A reflection on the challenges to China’s labour regime – published on the Progress in Political Economy blog:
A key ingredient of China’s Post-Mao economic “miracle” is a labour regime entrenched in the export-oriented consumer manufacturing sector and premised on despotic exploitation, institutional discrimination and political exclusion of labour.
Are we seeing the end of this labour regime?

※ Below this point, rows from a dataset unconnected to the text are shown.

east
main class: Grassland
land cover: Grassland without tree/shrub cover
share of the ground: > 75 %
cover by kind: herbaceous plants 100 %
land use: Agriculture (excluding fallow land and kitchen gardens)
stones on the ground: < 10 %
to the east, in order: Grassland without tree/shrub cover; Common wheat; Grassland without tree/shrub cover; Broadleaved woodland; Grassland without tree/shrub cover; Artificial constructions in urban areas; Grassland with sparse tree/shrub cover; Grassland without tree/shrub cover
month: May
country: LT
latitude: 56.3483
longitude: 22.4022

One of five feminist activists – detained last year for organizing public campaigns and remaining stuck in a legal limbo – took to the social media to emphasise that the “women’s day” is in fact the International Working Women’s Day. Despite the harassment – and thanks to activists and advocates like her – China’s first Anti-Domestic Violence Law was passed last year and is coming into force this month in a country where 25% of married women experience domestic violence. In spite of the progress, the challenge is monumental. China’s working class women are not only severely exploited and dominated – young rural migrants considered docile and passive by management – during the country’s export-led industrialisation, but continue to be subject to gender-based discrimination – with more than 70% of urban female employees reporting hiring and promotion discrimination in a government report, and harassment – with 70% of female factory workers surveyed having experienced sexually harassment. Undeniably bearing the brunt of China’s industrialisation, women workers are frequently at the forefront of strikes as organisers and leaders – inspiring but not surprising as women have historically played a key role in the labour movement.
On the Labour Contract Law, China’s Finance Minister was explicit in his criticism during this year’s People’s National Congress. On wages: “In recent years the increase in workers’ income has been faster than the increase in productivity. This is not sustainable.” Clearly in the Minister’s mind is the rising labor costs in manufacturing and capital flight. Also criticised is “labour market inflexibility“: “The current Labour Contract Law is based on fixed working hours, so it is difficult for companies that need flexible workers.” This is said in reference to China’s planned shift from the manufacturing to the service industry as the key driver of growth. The service industry is to be built on highly casualised labor – as if it is not already so. But watering down clauses on contract length and severance pay will go a long way for businesses to increase their use of casual workers without fearing financial consequence. Interesting timing also, as Chinese companies are legally obliged from March 2016 to limit the use of agency workers under 10% of the labour force. The speculation that companies will simply turn these workers into “outsourcing” without actually reducing casualisation turns out to be well-founded; and some workers are already protesting.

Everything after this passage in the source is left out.